The thruster rotational speed was 120 rpm, which ensured that the axial speed of the AUV reached 1 m/s. The SSS measurement range was 30 m, with a sampling period of T = 2 s. The experiment adopted the automatic cable-tracking method framework described in a previous study [13] to autonomously search and track the cable. The search mode adopted a lawnmower pattern with a spacing of w = 40 m, and, once a cable was detected, the AUV switched to tracking mode. Furthermore, it is important to note that the simulation assumes a uniform seabed environment without complex obstacles or varying water flow, enabling the AUV to respond immediately to cable signals upon detection. In actual operations, the environment can be much more complex, which is a significant difference from the simulation. To verify the effectiveness of the proposed method, we compared it with a line-of-sight (LOS)-based guidance method and analyzed the impact of the proposed method on tracking performance under different Δ ϕ m a x constraints. Finally, five metrics were used to evaluate the performance—that is, the mean distance (MD), distance standard deviation (SD), mean angle (MA), the angle’s standard deviation (SA), and standard deviation of the AUV heading-angle change (SH), where MD and SD are the embodiment of the distance between the AUV and the cable, MA and SA are used to measure the degree of parallelism between the AUV and the cable, and SH characterizes the smoothness of the AUV motion.

5.3.1. Tracking Performance Analysis

Figure 13 shows the AUV cable-tracking trajectory when guided by different methods. The AUV starts from the deployment point, chooses point A as a nearby starting point, and performs the cable-searching task. The tracking behavior is triggered when the AUV detects the cable, and the goal distance between the cable and the AUV is set to ρ = 15 m. As shown in Figure 13, the LOS-based method converges more quickly to the cable trajectory initially (e.g., at P1), but its “short-sighted” nature leads to significant oscillations during tracking, particularly at P2 and P3. These oscillations create instability in the AUV’s motion, potentially affecting cable tracking and SSS imaging quality. In contrast, the proposed method generates a smoother trajectory by predicting and adjusting the AUV’s future heading. At P2 and P3, the AUV aligns better with the cable, reducing oscillations and enhancing tracking stability and smoothness.
Figure 14 shows the results of the different methods during the tracking phase. Figure 14a shows the AUV heading-angle curve, Figure 14b shows the distance between the AUV and cable, Figure 14c shows the difference between the AUV heading angle and the cable direction angle, and Figure 14d shows the AUV heading variation. Table 4 provides a quantitative comparison of the various indicators.
A detailed analysis reveals that the proposed optimization method significantly outperforms the LOS method in terms of both tracking error and trajectory stability. Specifically, at Δφmax = 10°, the proposed method greatly reduces the average distance between the AUV and the cable (MD = 0.69 m) and minimizes fluctuation (SD = 0.34 m), demonstrating superior tracking accuracy. In contrast, the LOS method shows higher values (MD = 0.89 m, SD = 0.65 m), indicating poorer tracking performance, especially in complex path scenarios.
In terms of trajectory stability, the proposed method reduces the deviation between the AUV’s heading and the cable direction (SA = 1.72°), while the LOS method exhibits significantly larger deviations (SA = 3.92°), leading to greater instability. Additionally, with Δφmax = 4°, the proposed method minimizes heading-angle variations (SH = 0.17°), resulting in smoother trajectories, whereas the LOS method displays greater oscillations (SH = 0.62°).
Overall, the proposed method offers better control over tracking error and trajectory smoothness, ensuring more precise cable tracking and reducing the frequency of abrupt adjustments. These improvements enhance SSS imaging quality and reduce the likelihood of losing the cable during complex tracking tasks.

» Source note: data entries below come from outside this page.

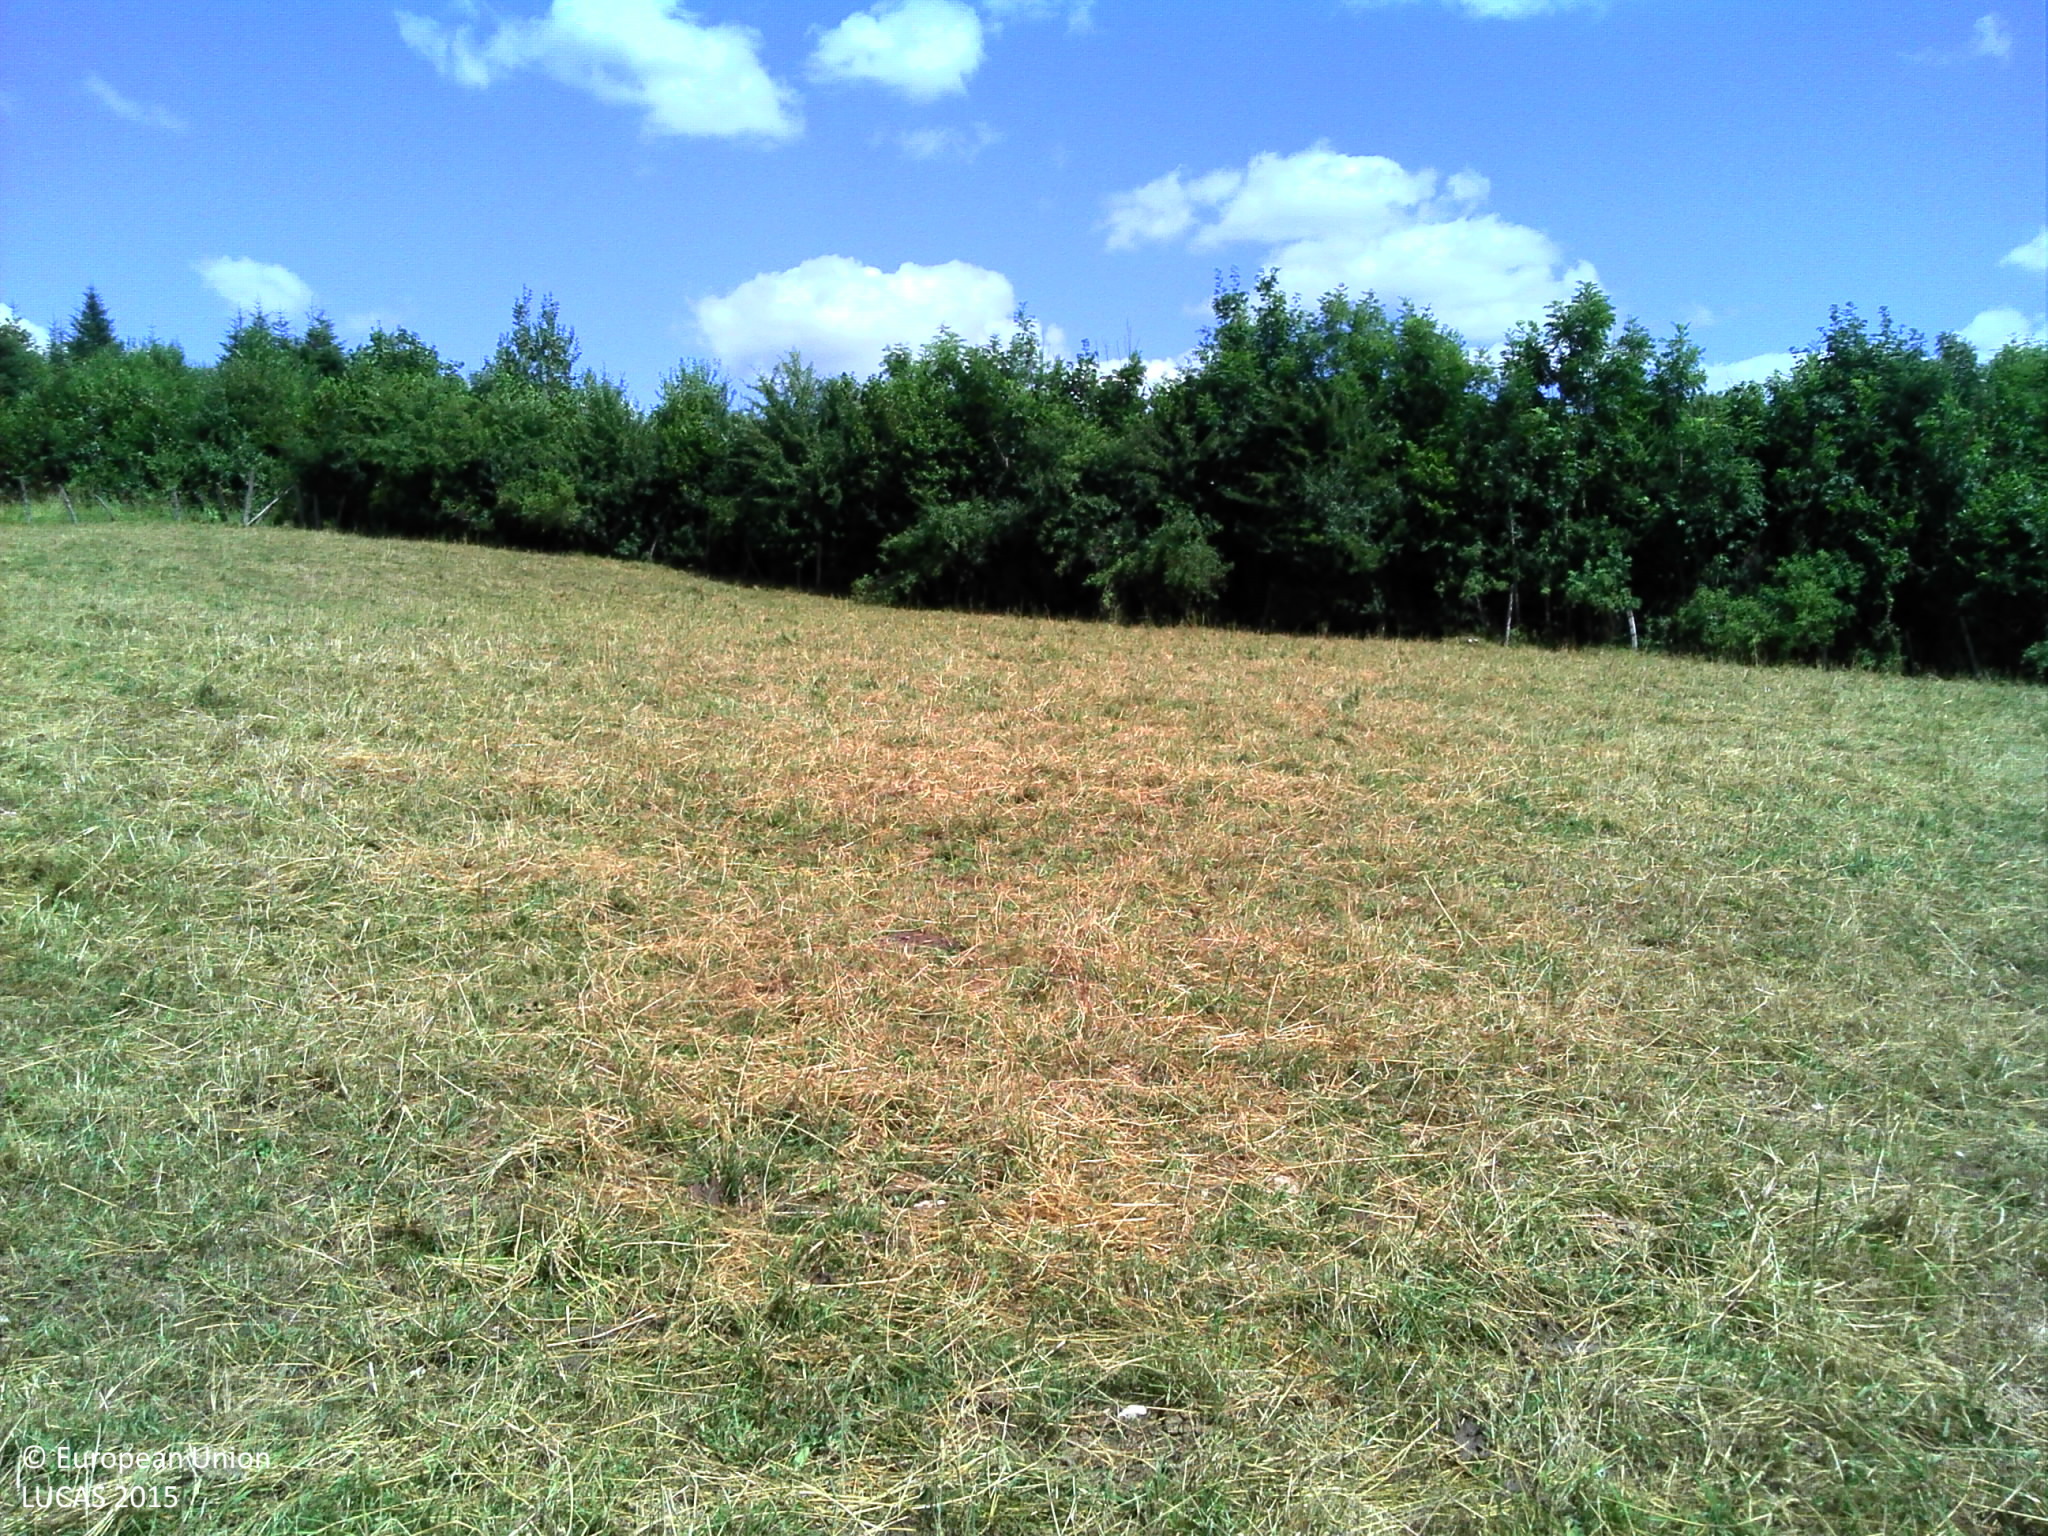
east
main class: Grassland
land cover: Grassland without tree/shrub cover
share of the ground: > 75 %
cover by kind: herbaceous plants 100 %
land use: Agriculture (excluding fallow land and kitchen gardens)
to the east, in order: Grassland without tree/shrub cover; Fences; Broadleaved woodland; Shruby margins; Paved roads, cycling and walking lanes; Grass margins; Fences; Grassland without tree/shrub cover; Fences; Broadleaved woodland; Grassland without tree/shrub cover
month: July
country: FR
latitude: 46.8374
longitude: 6.0558
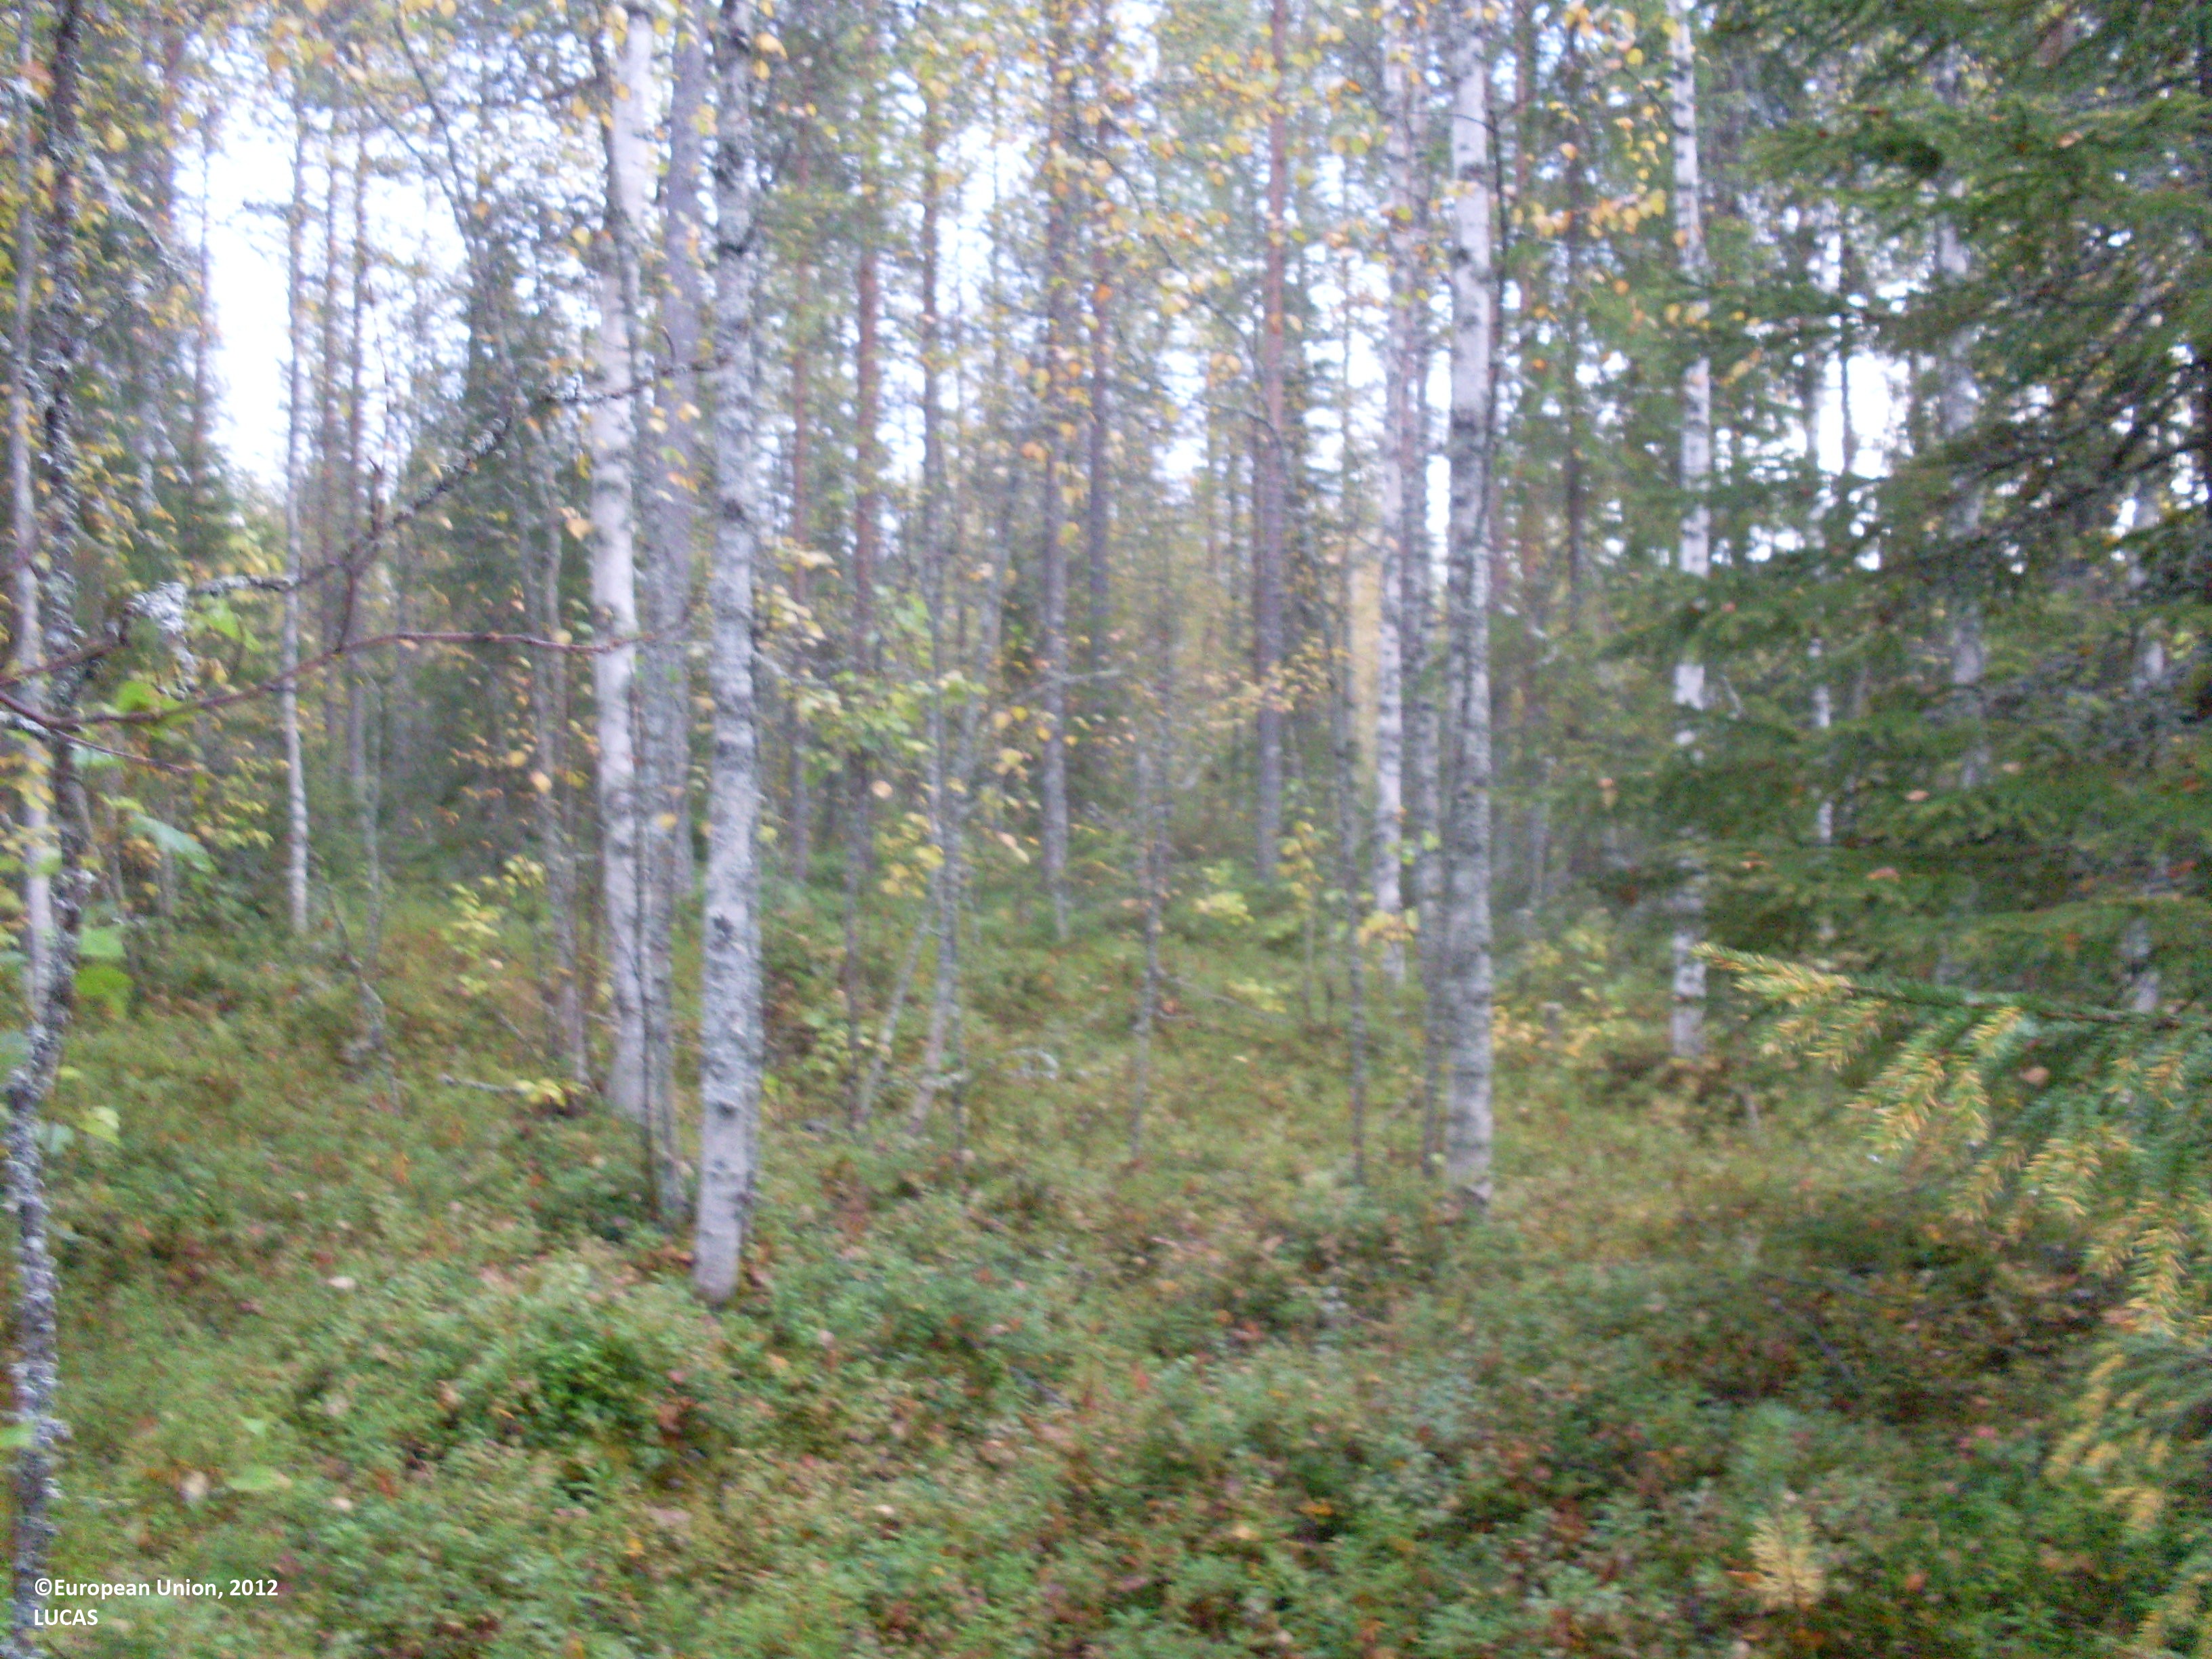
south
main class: Woodland
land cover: Other mixed woodland
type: boreal forest
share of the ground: > 75 %
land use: Forestry
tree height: > 5 m
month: September
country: FI
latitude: 64.0336
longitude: 29.9088

5.3.2. Impact of Cable Curvature on AUV Stability

Based on a macroscopic description of performance, Figure 15a shows a bar chart of the mean AUV heading-angle variation in the different cable segments. The proposed method exhibits superior navigation stability when tracking straight-line cables. Figure 15b shows that the stability of the AUV is inversely proportional to the curvature radius. The smaller the curvature radius, the more severe the heading oscillation of the AUV, which results in poorer SSS imaging. Moreover, lower Δ ϕ m a x values lead to better navigational stability under the guidance of the proposed method.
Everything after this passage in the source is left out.